この地図から東ヨーロッパの地政学的な勢力図の概略を読み取ることができます。
つまり、ロシアは防衛正面が最も狭くなる地帯、つまり正面に対する戦力の密度が最も高くなる地帯にソビエト連邦の国境線を置いているということです。

従属国としてソビエト連邦に併合したのはバルト三国、ベラルーシ、ウクライナ、モルドバまでですが、独立させながらソ連を盟主とするワルシャワ条約機構の構成国の地位に置いた国家にはポーランド、東ドイツ、チェコスロバキア、ハンガリー、ルーマニア、ブルガリアがあります。

この二つの国家群の境界線はバルト海に面する戦略要点カリーニングラードから黒海に面するオデッサに至るおよそ1000キロであり、これはドイツからロシアに至る東ヨーロッパ地域で最も狭隘な地帯を構成しています。
またこの戦略上の防衛線からモスクワまでの距離は最短でもおよそ800キロで、これはロシア国境からモスクワまでの最短距離が約400キロのことを考えれば、倍以上の縦深を確保することができる計算になります。
(ちなみに当時のソ連軍の編成、装備、運用から連隊1個で防御可能な正面幅は最大10キロ程度と考えられています)
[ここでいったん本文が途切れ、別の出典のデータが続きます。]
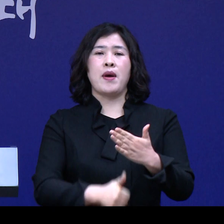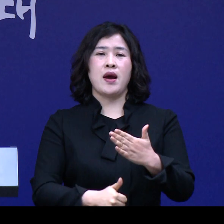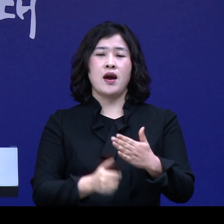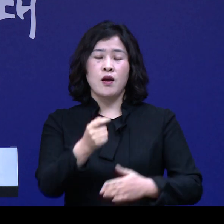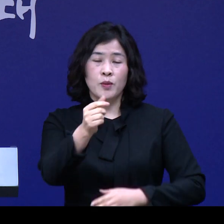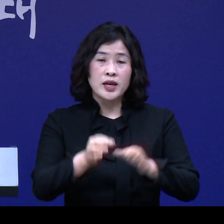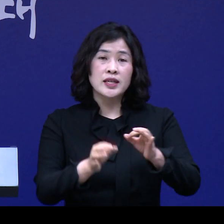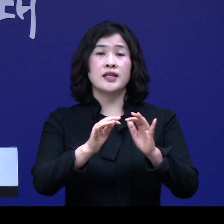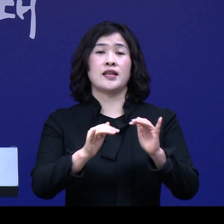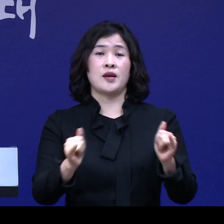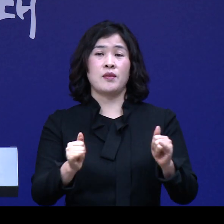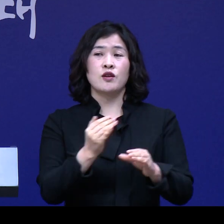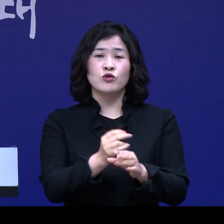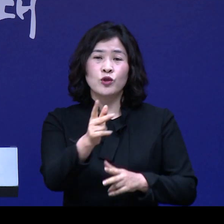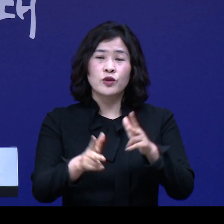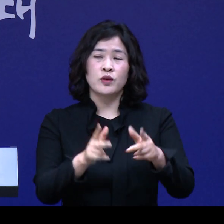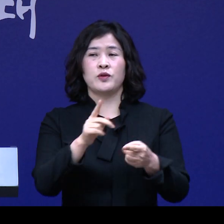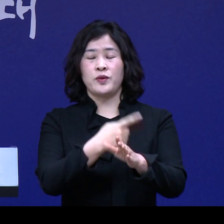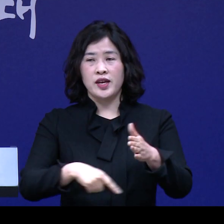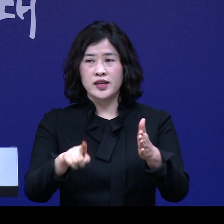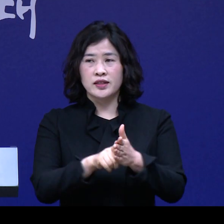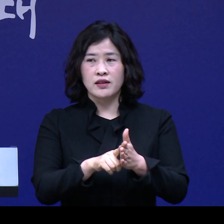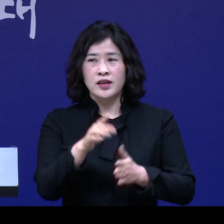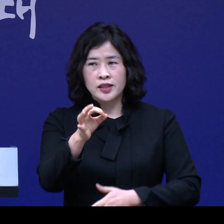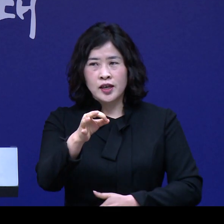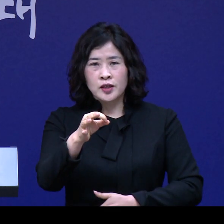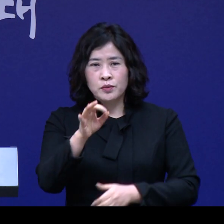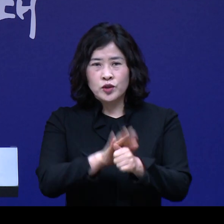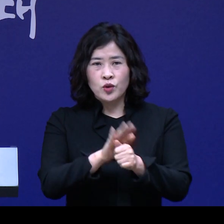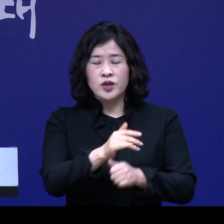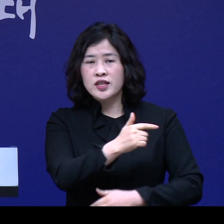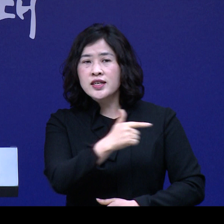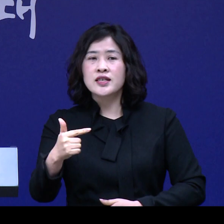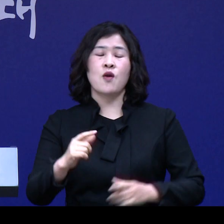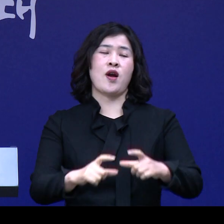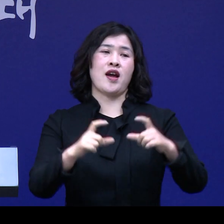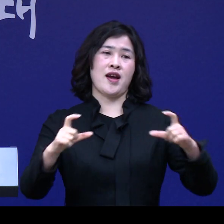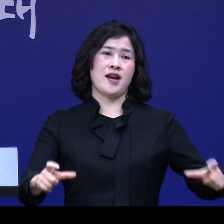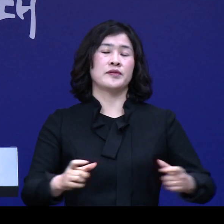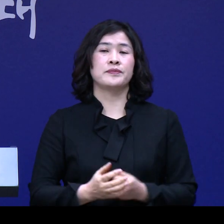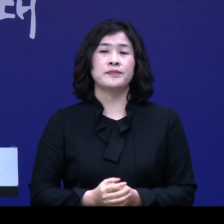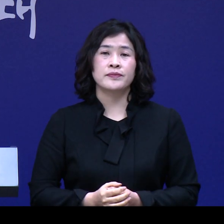소상공인과 중소기업을 위해서 자금 지원을 대폭 확대하겠습니다.

さらに加えて、以前の記事でも指摘したように、ウクライナのセバストポリはロシア海軍黒海艦隊の根拠地であり、ウクライナとの外交関係が悪化すれば直ちにロシアの海洋戦略に影響が出ることになります。

今回の政変でウクライナがEU加盟を推進する動きを再び見せていますが、この政変でロシアがそのままウクライナを諦めることは考えられません。
現在のところ私がまだ分かっていないのは、現時点で一体誰がウクライナ軍を掌握しているかというところです。現有勢力12万名(地上軍6万名)のこのアクターの動き方次第でウクライナ情勢はまだ大きく変化する危険があります。
ヤヌコーヴィッチが東ウクライナで態勢を立て直してキエフに帰還する可能性がなくなったわけではありませんし、東ウクライナの分離独立を進める戦略も考えられます。東ウクライナはヤヌコーヴィッチの支持基盤でもあり、セバストポリに駐留するロシア海軍の動きも不透明です。

ウクライナ情勢がどのように推移するにしても、ウクライナは東ヨーロッパ地域におけるロシアの安全保障そのものであり、ウクライナのEU加盟はヨーロッパ全体の勢力均衡を大きく損なう結果になるでしょう。